» **Dataset entries**

((

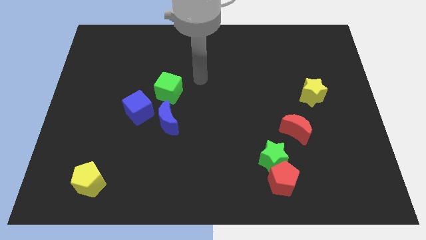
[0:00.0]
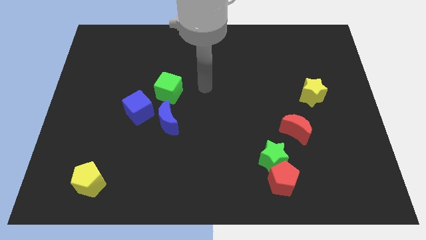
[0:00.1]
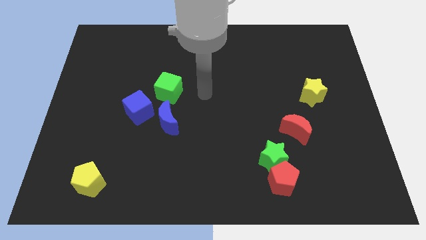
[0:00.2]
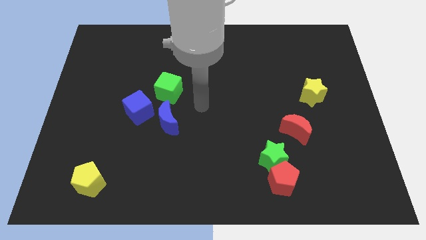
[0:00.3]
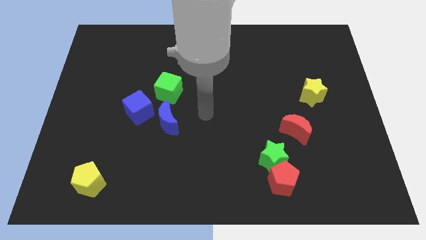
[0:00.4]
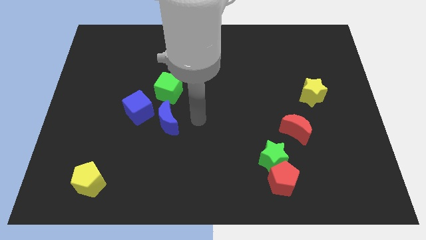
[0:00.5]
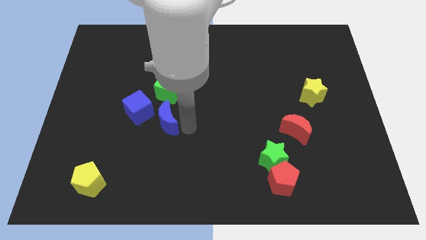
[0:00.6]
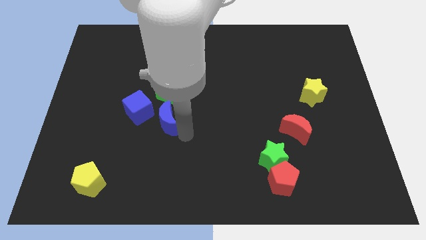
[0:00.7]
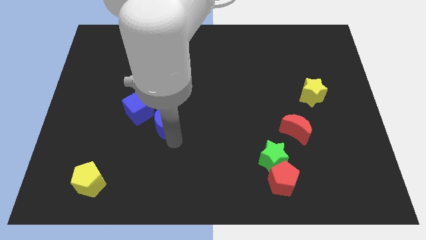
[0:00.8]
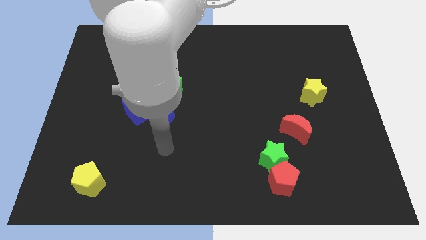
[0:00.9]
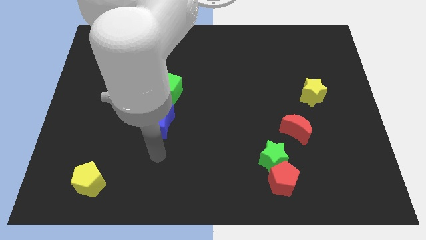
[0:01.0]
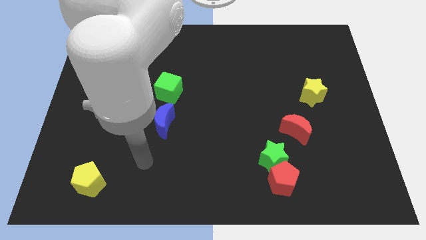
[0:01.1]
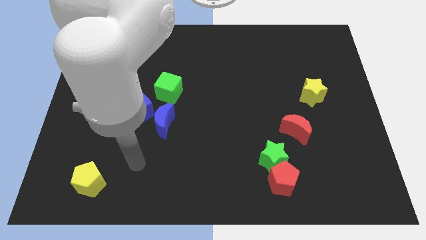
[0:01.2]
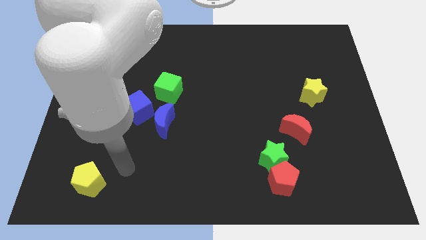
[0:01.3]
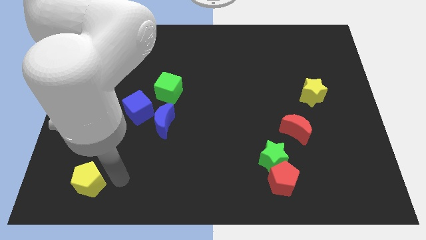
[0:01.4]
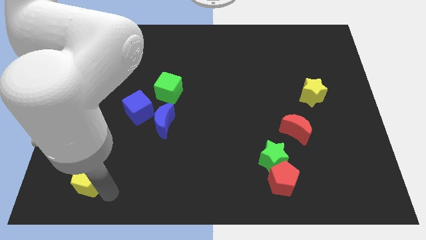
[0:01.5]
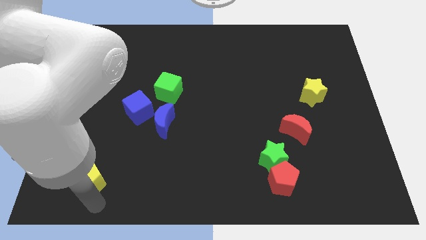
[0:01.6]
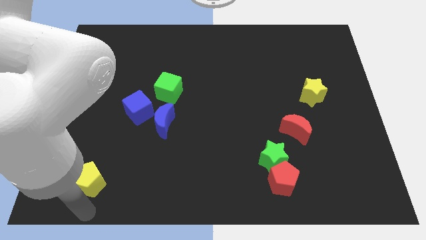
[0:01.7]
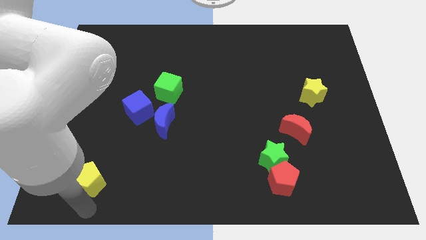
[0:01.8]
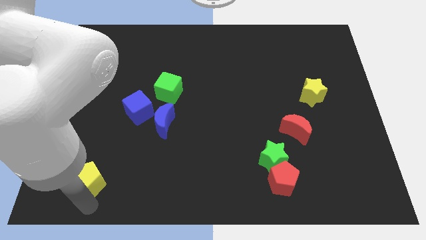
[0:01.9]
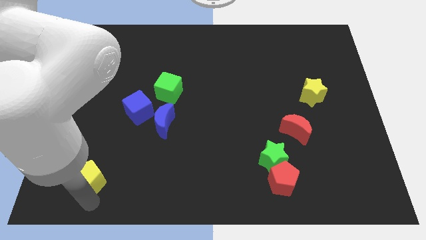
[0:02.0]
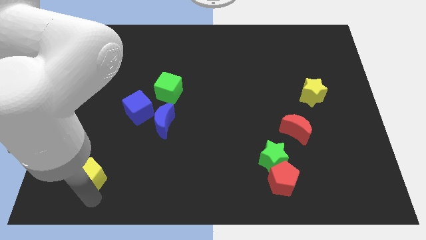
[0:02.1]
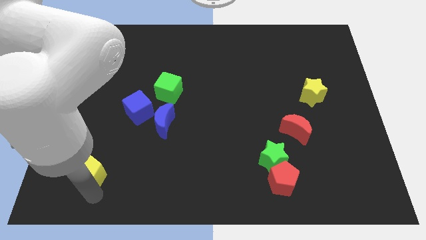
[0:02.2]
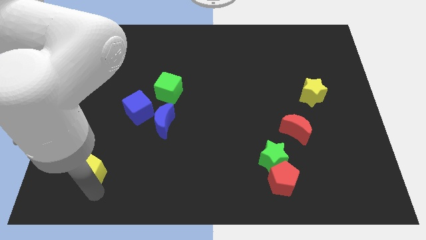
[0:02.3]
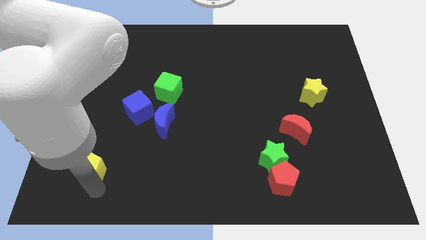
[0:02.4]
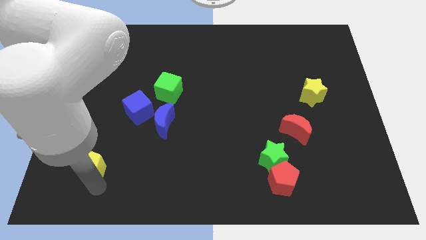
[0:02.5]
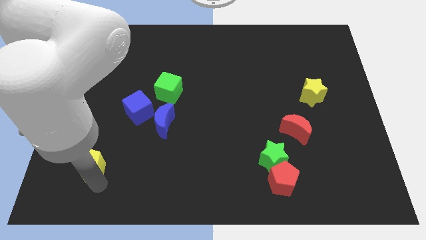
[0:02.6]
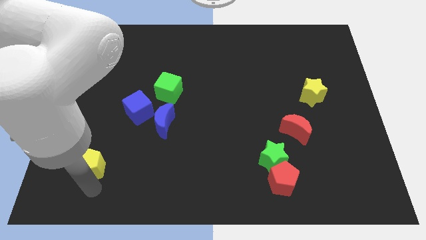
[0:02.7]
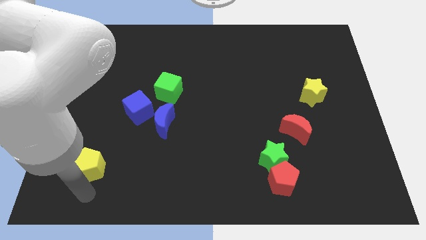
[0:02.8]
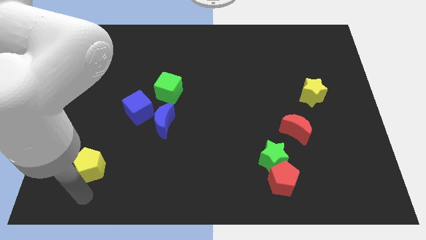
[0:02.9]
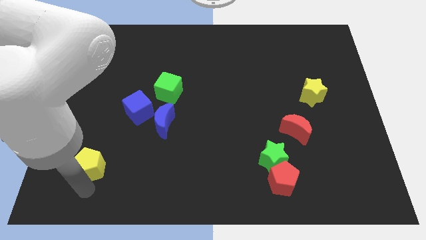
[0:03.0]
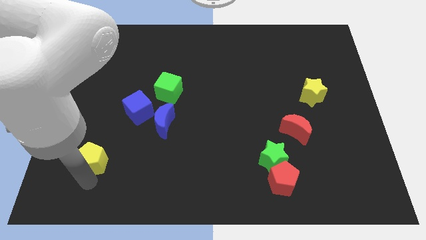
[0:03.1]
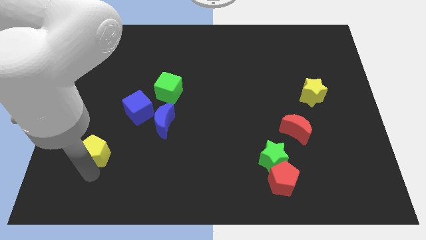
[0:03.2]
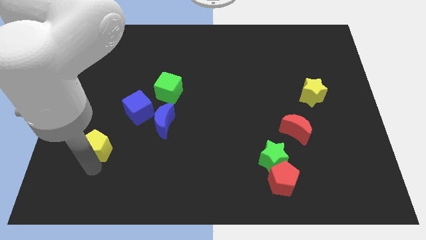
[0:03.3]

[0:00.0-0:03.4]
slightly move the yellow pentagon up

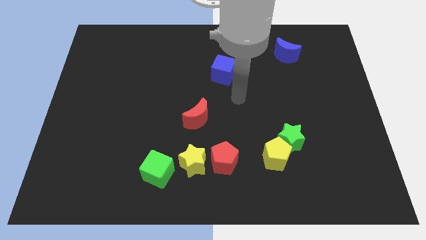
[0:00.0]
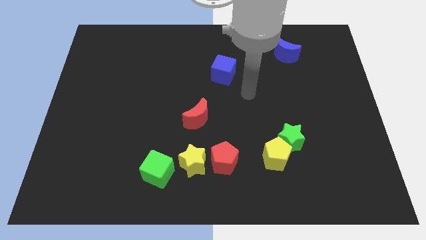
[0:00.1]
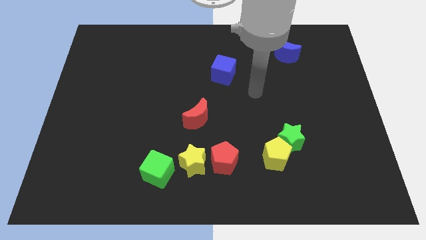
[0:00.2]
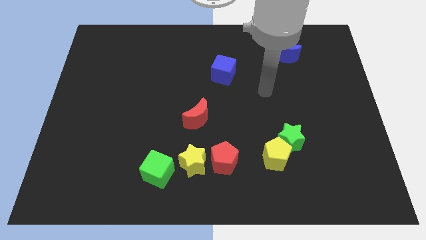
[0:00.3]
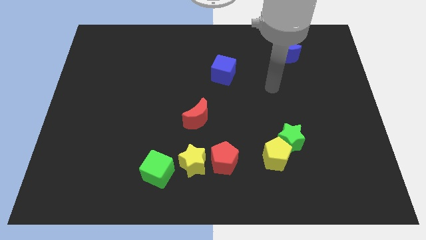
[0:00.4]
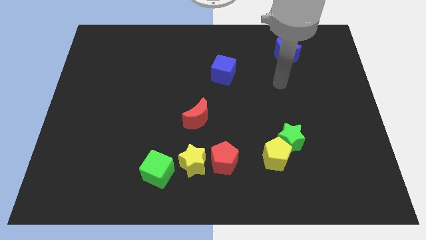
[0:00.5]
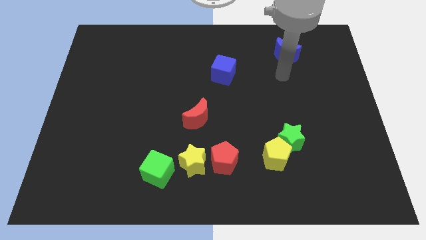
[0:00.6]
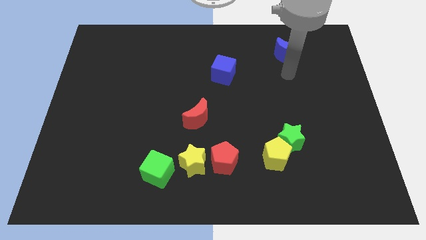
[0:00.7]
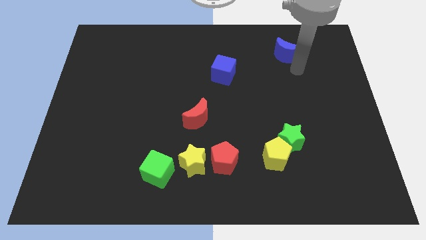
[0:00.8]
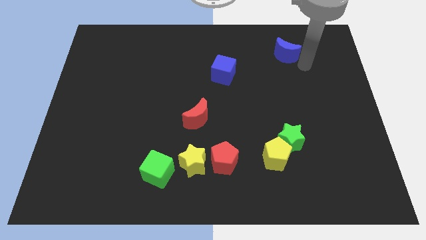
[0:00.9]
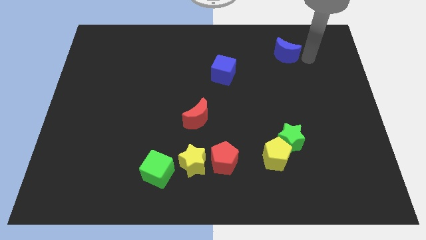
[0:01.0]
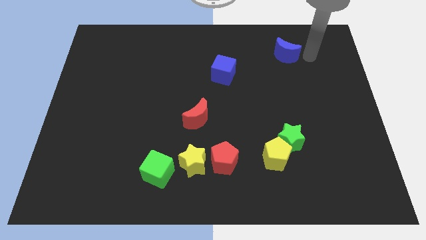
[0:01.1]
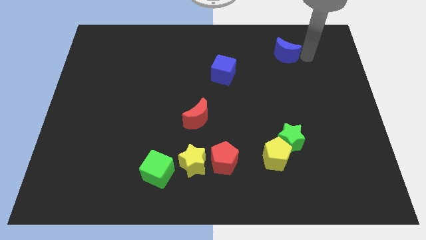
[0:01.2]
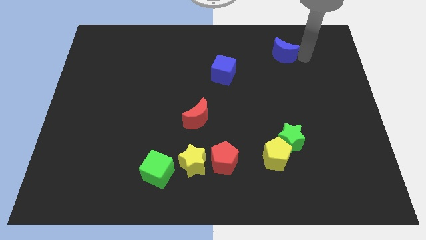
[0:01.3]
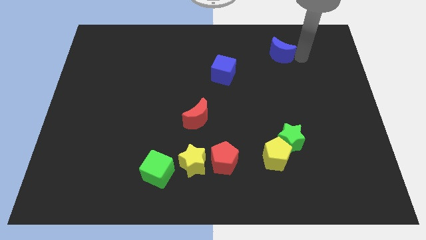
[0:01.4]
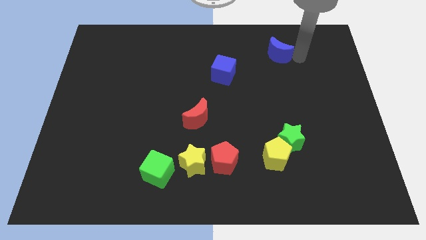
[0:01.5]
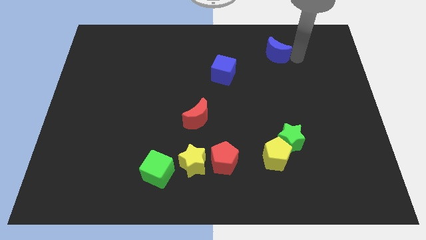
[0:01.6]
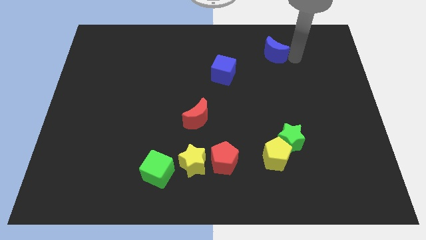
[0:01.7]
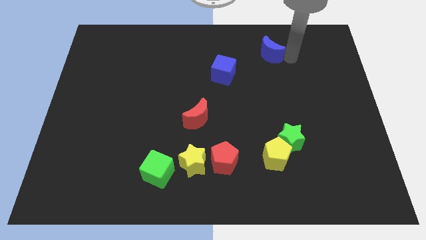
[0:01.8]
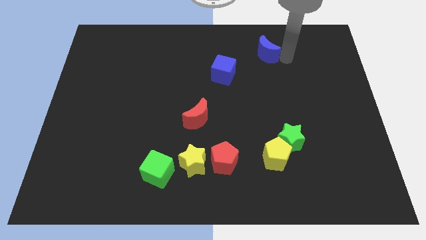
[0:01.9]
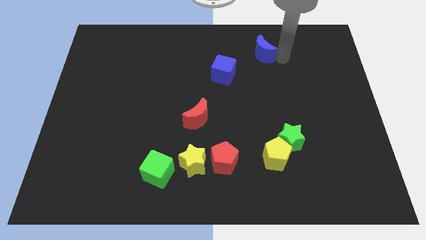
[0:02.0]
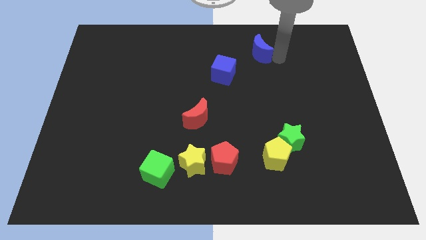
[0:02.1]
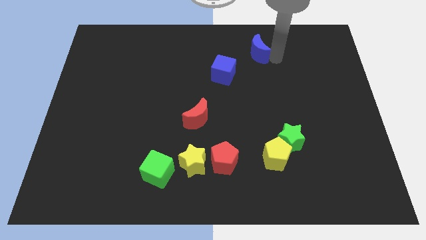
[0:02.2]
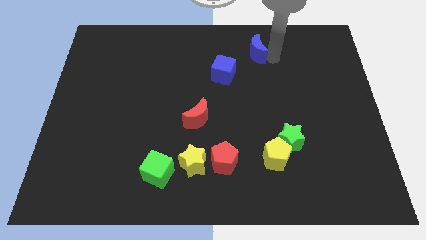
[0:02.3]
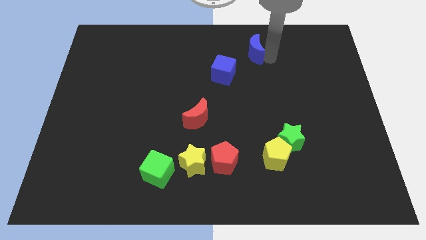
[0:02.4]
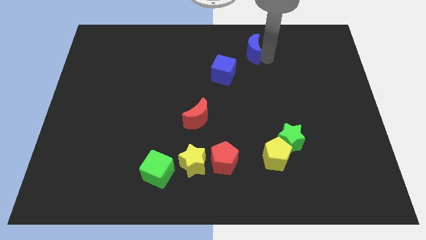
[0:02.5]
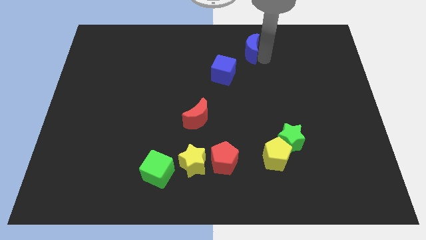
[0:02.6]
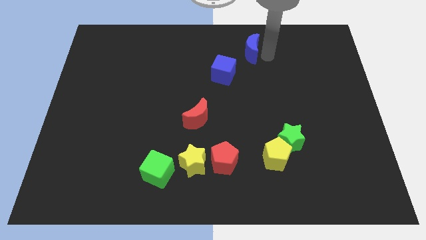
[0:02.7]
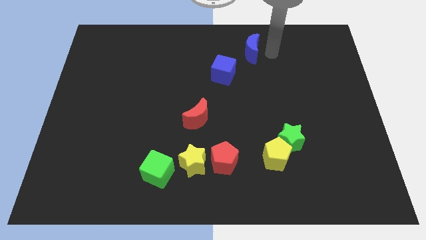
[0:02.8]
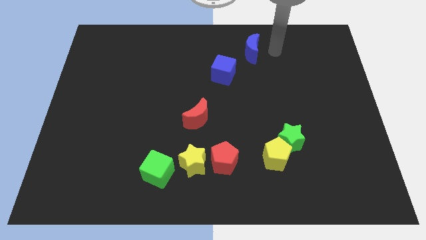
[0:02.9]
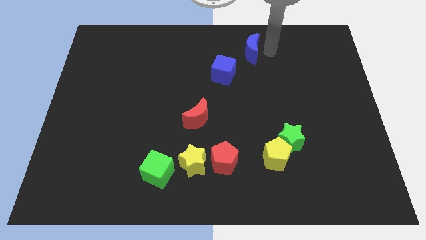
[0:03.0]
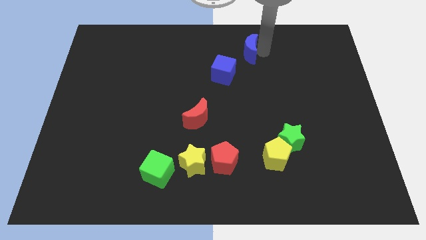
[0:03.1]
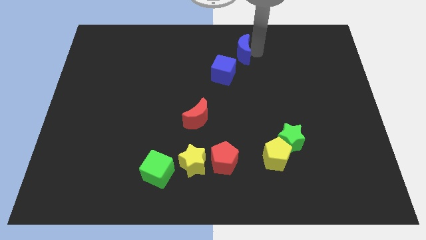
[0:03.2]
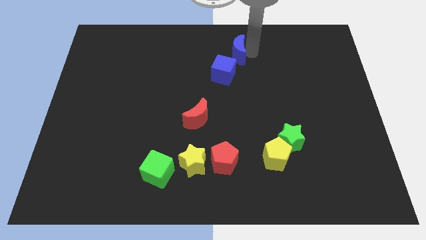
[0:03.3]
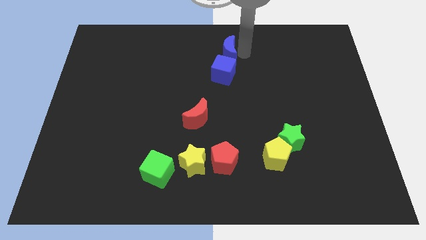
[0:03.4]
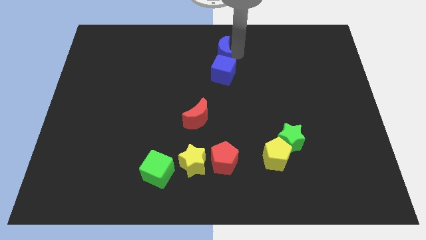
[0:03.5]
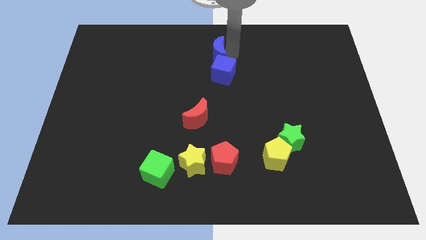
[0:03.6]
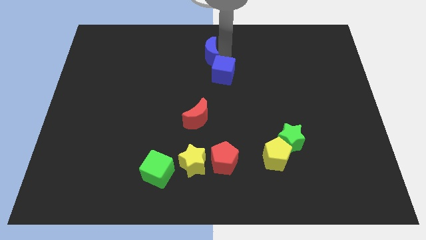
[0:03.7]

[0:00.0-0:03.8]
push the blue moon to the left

))

» **BRIEF**
Hand back the data above exactly, leaving out all pictures.

» **WRITTEN RESPONSE**
[0:00.0]
[0:00.1]
[0:00.2]
[0:00.3]
[0:00.4]
[0:00.5]
[0:00.6]
[0:00.7]
[0:00.8]
[0:00.9]
[0:01.0]
[0:01.1]
[0:01.2]
[0:01.3]
[0:01.4]
[0:01.5]
[0:01.6]
[0:01.7]
[0:01.8]
[0:01.9]
[0:02.0]
[0:02.1]
[0:02.2]
[0:02.3]
[0:02.4]
[0:02.5]
[0:02.6]
[0:02.7]
[0:02.8]
[0:02.9]
[0:03.0]
[0:03.1]
[0:03.2]
[0:03.3]

[0:00.0-0:03.4]
slightly move the yellow pentagon up

[0:00.0]
[0:00.1]
[0:00.2]
[0:00.3]
[0:00.4]
[0:00.5]
[0:00.6]
[0:00.7]
[0:00.8]
[0:00.9]
[0:01.0]
[0:01.1]
[0:01.2]
[0:01.3]
[0:01.4]
[0:01.5]
[0:01.6]
[0:01.7]
[0:01.8]
[0:01.9]
[0:02.0]
[0:02.1]
[0:02.2]
[0:02.3]
[0:02.4]
[0:02.5]
[0:02.6]
[0:02.7]
[0:02.8]
[0:02.9]
[0:03.0]
[0:03.1]
[0:03.2]
[0:03.3]
[0:03.4]
[0:03.5]
[0:03.6]
[0:03.7]

[0:00.0-0:03.8]
push the blue moon to the left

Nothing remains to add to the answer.